Indeed, the average yield increase of wheat is stagnating for a few years now. A new international study has cataloged and contextualized the genetic diversity of 487 wheat genotypes originating from large parts of the world with agronomic traits. The map of this rich pool highlights the current knowledge of the ancestry of wheat and opens new avenues within modern selective wheat breeding.
The evolution of wheat is a complex history of hybridization and gene flow events which led to the allohexaploid (with six sets of chromosomes) Triticum aestivum, the species of wheat that we know nowadays as bread wheat. The modern bread wheat originated in the Fertile Crescent about 10,000 years ago, and its gene pool has been shaped by humans as a result of domestication and cultivation. Today, high-yielding varieties of Tritium aestivum can be found all over the world, each type adapted to the particular environment in which it is being grown, making wheat one of the world's three most essential crop species for human calories and protein supply.
The onset of global warming, the growing demand for wheat, and the transitioning of Western farming away from intensive agriculture, are exerting pressure on plant breeders to adapt further and improve modern bread wheat species. However, to select and breed new wheat cultivars with new and improved traits, plant breeders require plants with a genetic variation for selection and combination during the breeding process. A new international study of bread wheat has now revealed knowledge of a vast and rich gene pool for future breeding improvements of Triticum aestivum.
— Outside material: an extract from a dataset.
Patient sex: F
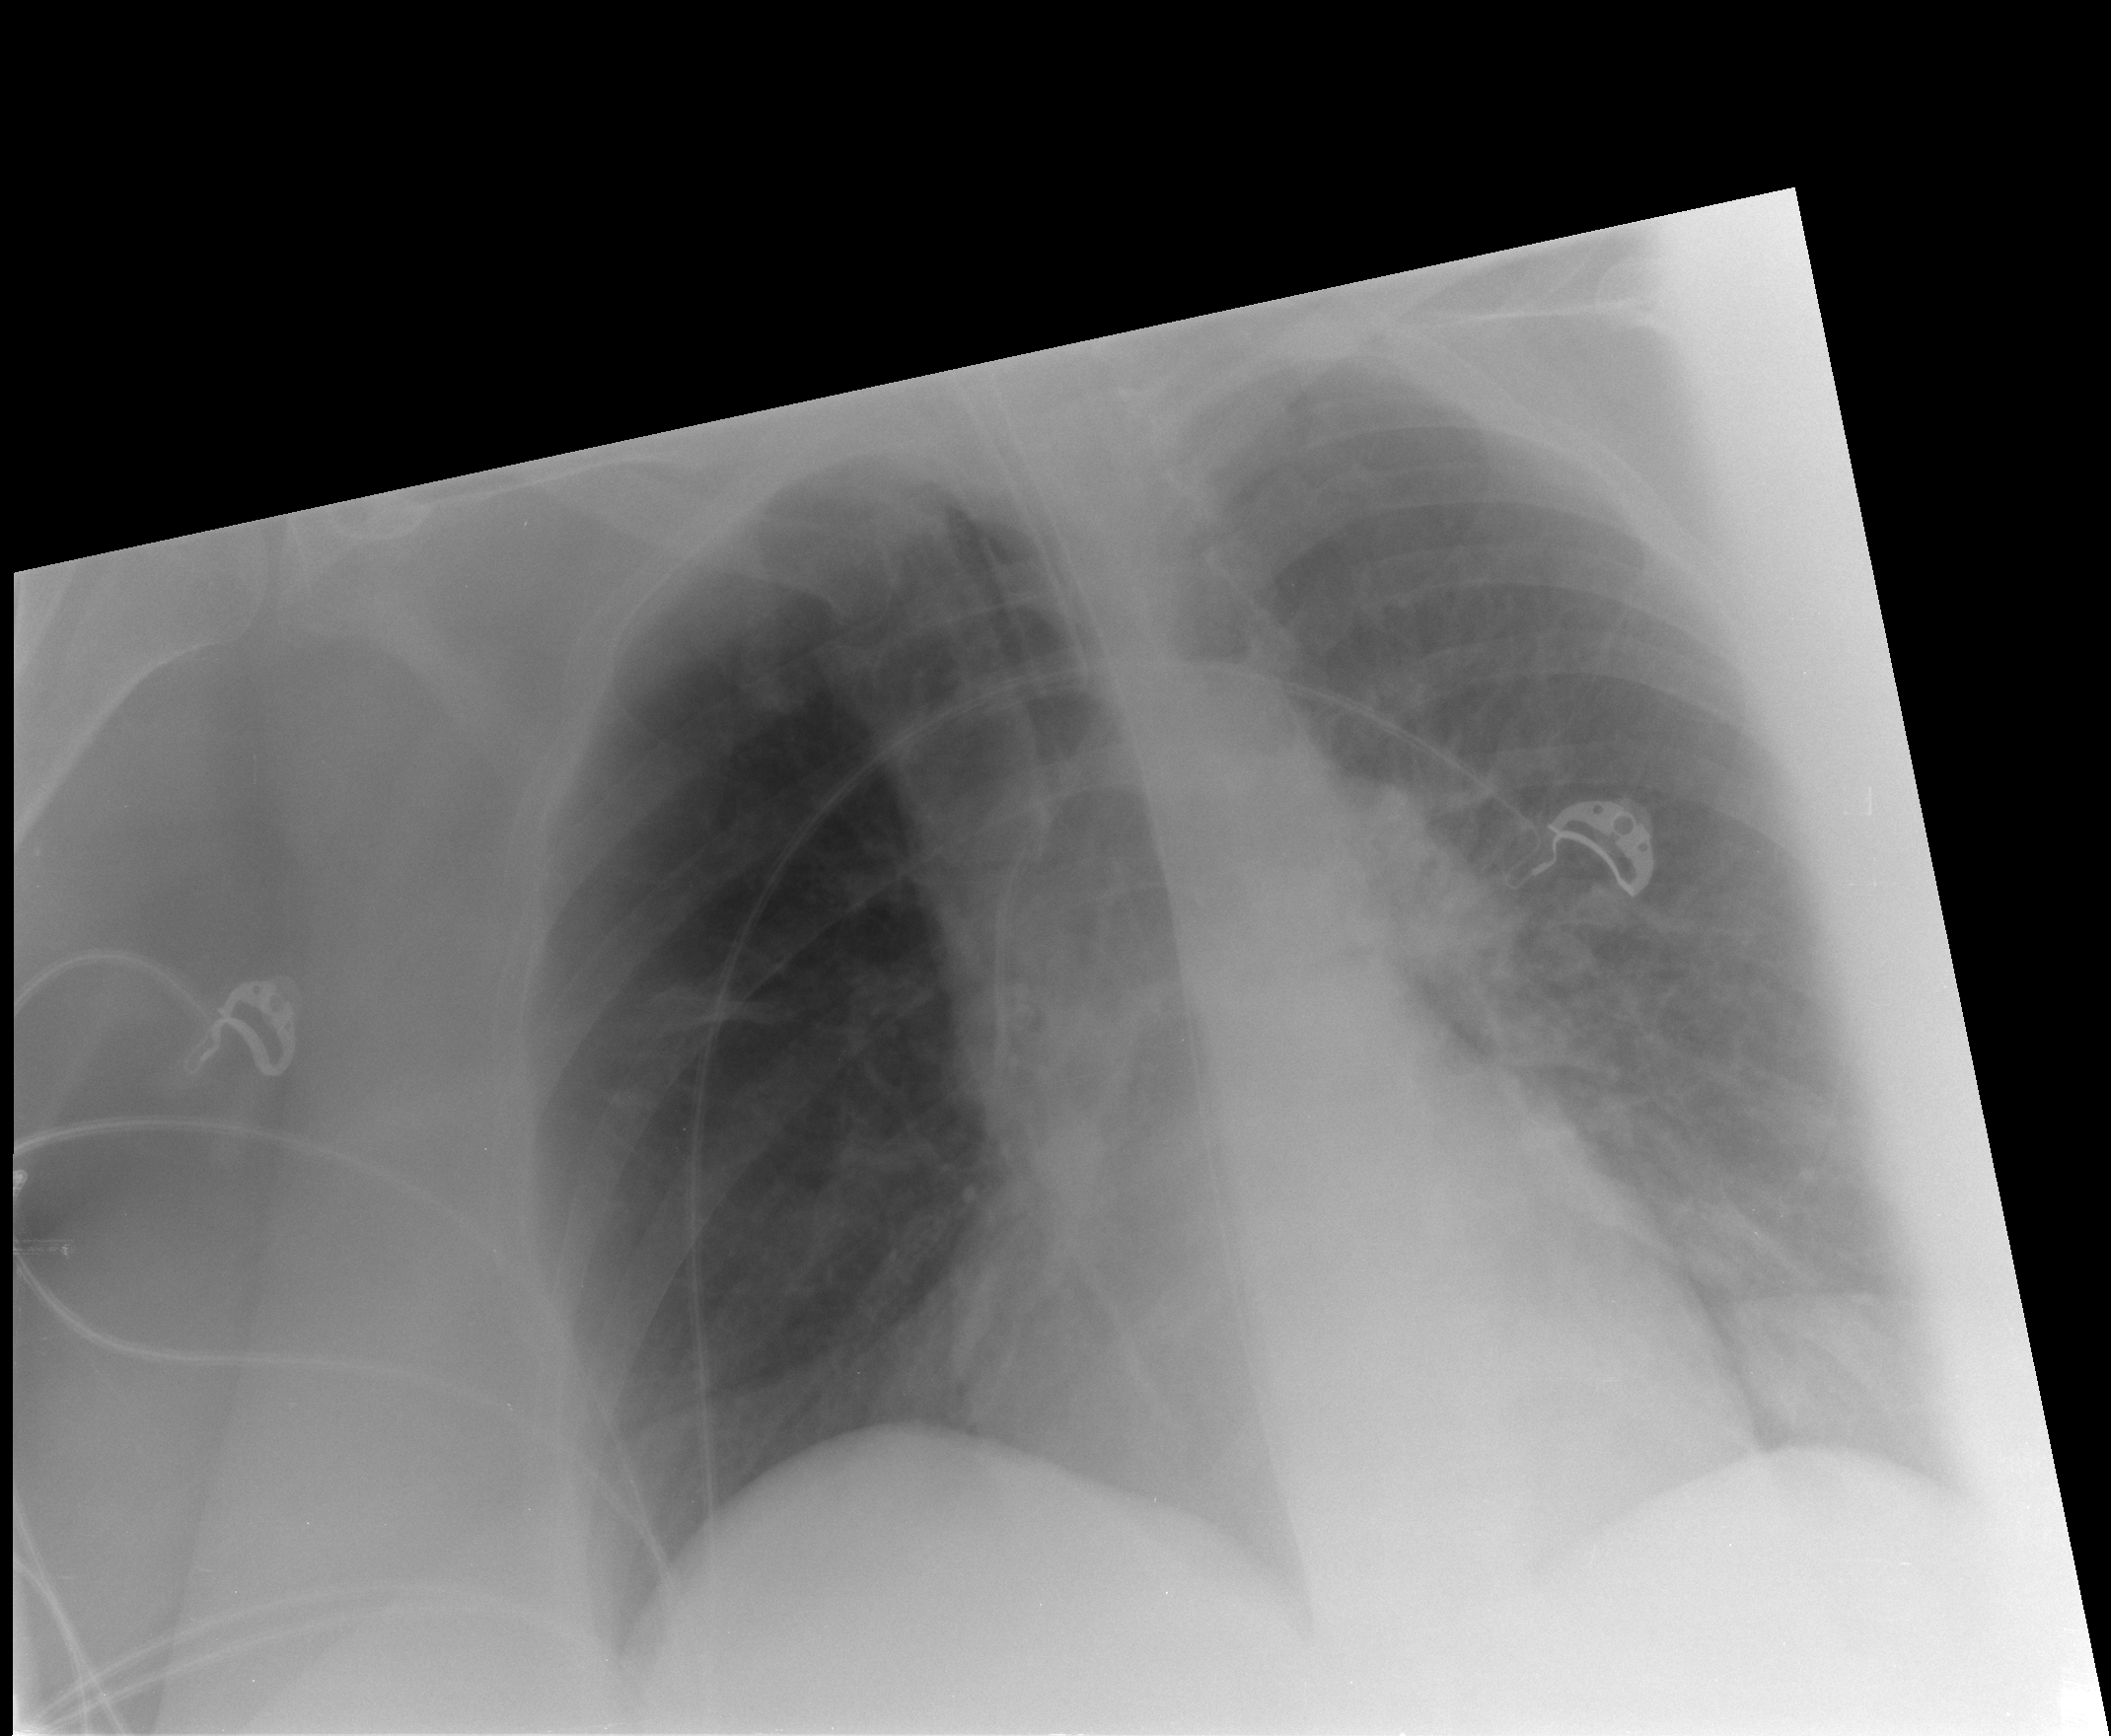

The new study sequenced the exomes of 487 wheat genotypes from 68 countries around the world, including landraces, cultivars, as well as modern varieties. The Leibniz Institute of Plant Genetics and Crop Plant Research (IPK Gatersleben) contributed to this research by providing wheat samples from the Federal Ex situ Gene Bank.
The researchers utilized the Refseqv1.0 reference sequence of the bread wheat landrace "Chinese Spring" which had been published in 2017 by the "International Wheat Genome Sequencing Consortium" (IWGSC), it was possible for the collaborating researchers to compile a comprehensive overview of wheat genomic diversity at the genic, chromosomal and subgenomic levels.
As a result, the researchers were able to refine and expand the model of wheat evolution and to decipher the genetic origins of modern day wheat species. As such, the durum wheat lineage was confirmed as the most likely ancestor of today's bread wheat cultivated germplasm. Moreover, by investigating the selection footprints of wheat, the scientists showcased the effects of range expansion and allelic variants selected since the beginning of wheat domestication.
Another step towards the assembly of the "pan-genome" of wheat is the reported data, the description of all the genes and genetic variations within wheat which will be a valuable resource for plant researchers and wheat breeders alike.
As it stands, the study, however, has shown a rich genetic data resource which can be utilized for improving genetic traits in bread wheat from environmental adaptation to improved yield and disease resistance. Moreover, the results of the study illustrate our knowledge of the ancestry of bread wheat highlighting our cultural history as farmers and plant breeders.